Within the records, determine how many lines contain the word "none". Your reply must consist of that number only.

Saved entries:
□ □ □ □ □ □ □

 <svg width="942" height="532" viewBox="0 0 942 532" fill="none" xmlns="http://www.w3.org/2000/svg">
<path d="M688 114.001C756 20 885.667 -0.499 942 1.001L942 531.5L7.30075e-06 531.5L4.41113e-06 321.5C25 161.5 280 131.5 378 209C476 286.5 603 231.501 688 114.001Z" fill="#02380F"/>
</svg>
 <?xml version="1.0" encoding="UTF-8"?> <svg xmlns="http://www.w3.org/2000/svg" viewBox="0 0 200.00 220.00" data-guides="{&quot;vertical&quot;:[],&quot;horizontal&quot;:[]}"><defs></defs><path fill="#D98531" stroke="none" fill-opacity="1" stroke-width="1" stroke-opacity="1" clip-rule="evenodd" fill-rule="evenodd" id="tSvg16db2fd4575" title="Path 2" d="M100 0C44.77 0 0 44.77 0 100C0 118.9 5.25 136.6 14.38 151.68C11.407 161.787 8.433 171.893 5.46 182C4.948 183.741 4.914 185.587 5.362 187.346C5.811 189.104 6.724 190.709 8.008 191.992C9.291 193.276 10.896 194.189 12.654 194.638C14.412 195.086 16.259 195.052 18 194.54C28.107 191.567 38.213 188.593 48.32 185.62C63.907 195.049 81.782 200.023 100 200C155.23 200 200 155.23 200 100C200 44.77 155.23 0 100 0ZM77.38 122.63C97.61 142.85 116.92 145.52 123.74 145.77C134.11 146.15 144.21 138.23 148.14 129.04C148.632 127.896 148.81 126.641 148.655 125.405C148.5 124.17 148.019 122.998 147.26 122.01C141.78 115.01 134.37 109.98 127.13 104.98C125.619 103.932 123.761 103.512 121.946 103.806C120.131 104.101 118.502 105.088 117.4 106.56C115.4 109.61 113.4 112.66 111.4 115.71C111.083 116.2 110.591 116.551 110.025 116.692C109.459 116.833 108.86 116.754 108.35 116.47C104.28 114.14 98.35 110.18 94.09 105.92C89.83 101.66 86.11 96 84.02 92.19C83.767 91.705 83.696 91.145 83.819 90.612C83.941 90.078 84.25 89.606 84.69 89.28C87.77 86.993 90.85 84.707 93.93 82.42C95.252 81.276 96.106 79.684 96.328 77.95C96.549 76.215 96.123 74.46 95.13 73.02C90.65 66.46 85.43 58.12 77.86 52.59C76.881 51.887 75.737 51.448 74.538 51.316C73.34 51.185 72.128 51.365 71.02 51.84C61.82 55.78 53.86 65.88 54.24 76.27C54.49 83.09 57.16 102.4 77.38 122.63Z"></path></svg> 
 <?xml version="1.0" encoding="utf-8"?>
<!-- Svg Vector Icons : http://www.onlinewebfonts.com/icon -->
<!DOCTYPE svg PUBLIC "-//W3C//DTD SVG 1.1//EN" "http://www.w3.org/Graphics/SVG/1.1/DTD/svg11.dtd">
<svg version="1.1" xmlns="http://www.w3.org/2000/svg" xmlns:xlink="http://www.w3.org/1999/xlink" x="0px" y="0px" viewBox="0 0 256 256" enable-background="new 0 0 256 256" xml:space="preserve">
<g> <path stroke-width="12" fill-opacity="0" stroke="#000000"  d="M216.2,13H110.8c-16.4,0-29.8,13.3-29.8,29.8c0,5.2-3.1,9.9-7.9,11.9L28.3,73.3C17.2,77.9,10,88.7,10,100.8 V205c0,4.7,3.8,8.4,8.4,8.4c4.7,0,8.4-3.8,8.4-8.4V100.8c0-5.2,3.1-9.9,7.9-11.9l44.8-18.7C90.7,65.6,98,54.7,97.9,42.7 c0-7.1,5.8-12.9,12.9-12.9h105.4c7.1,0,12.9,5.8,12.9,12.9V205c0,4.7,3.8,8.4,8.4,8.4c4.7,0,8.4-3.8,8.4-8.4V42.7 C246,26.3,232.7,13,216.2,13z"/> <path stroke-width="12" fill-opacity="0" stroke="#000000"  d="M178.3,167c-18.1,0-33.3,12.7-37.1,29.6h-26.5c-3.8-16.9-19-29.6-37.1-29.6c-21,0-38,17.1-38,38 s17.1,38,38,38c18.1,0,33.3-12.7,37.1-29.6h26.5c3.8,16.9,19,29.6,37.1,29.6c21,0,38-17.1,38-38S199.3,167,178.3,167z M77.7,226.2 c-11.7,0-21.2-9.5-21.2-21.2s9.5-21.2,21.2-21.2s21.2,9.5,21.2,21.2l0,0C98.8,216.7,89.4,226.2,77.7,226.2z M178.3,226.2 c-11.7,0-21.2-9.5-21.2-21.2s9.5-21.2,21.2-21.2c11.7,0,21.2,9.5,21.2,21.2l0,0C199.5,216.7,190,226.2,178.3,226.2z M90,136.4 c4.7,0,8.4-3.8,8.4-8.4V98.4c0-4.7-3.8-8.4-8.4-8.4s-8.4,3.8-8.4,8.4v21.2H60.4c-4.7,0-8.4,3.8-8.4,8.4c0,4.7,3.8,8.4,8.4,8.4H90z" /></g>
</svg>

□ □ □ □ □ □ □

### YOUR SOLUTION
2